Nom non divulgué – Membre présumé du Mouvement pour une Palestine libre

Modifié le : 12/05/2026

Pays de commission
Pays de poursuite
Nationalité du/de la suspect·e
Suède
Genre du/de la suspect·e
Homme
Statut du/de la suspect·e
En détention
Statut de la procédure
En appel / pourvoi
Crimes présumés / charges
Crimes de guerre
Condamné·e pour
Crimes de guerre
Verdict / décision
Condamnation
Individu / entreprise
Individu
Base de compétence
Compétence personnelle active
L'enquête a débuté en
2024
Début du procès
2025
Année du verdict (première instance) / décision
2026
Durée de la procédure (en années)
2


Faits

Le «Mouvement pour une Palestine libre» (Free Palestine Movement, FPM) est un mouvement armé palestinien syrien. En 2012, au début de la guerre civile syrienne, il a formé un certain nombre de milices armées qui ont combattu aux côtés de l’ancien gouvernement syrien.

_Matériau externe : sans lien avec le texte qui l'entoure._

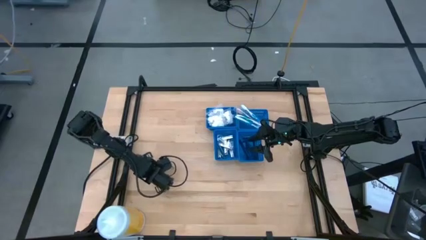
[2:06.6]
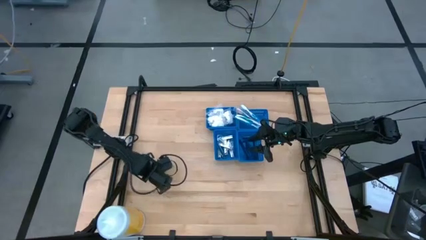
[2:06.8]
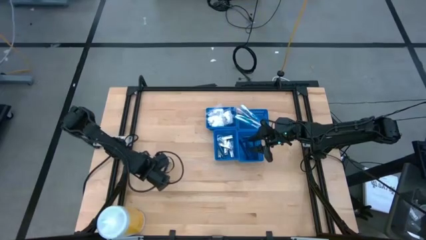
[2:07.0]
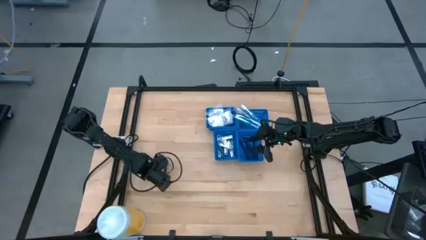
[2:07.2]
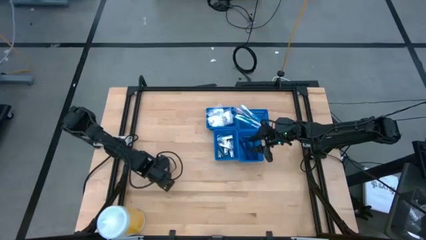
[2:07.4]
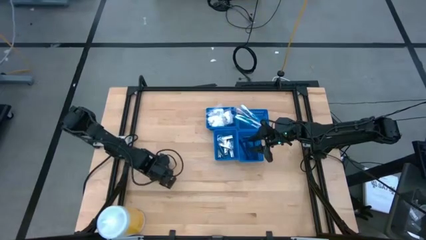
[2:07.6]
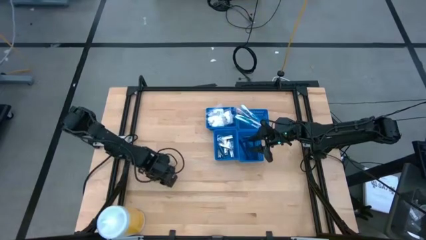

Entre 2012 et 2014, la milice a pris part à l’exercice du contrôle sur le quartier de Yarmouk à Damas pour le compte de l’ancien régime syrien. Au cours de cette période, la milice a été impliquée dans de graves exactions commises à l’encontre de civils, notamment lors d’une violente répression des manifestations anti-gouvernementales dans le quartier en juillet 2012, au cours de laquelle des membres de la milice auraient tiré sur des manifestants civils, tuant et blessant de nombreuses personnes.

Procédure

En juillet 2024, les trois individus ont été arrêtés en Suède, soupçonnés de crimes de guerre et de crimes contre l’humanité commis en Syrie entre 2012 et 2014.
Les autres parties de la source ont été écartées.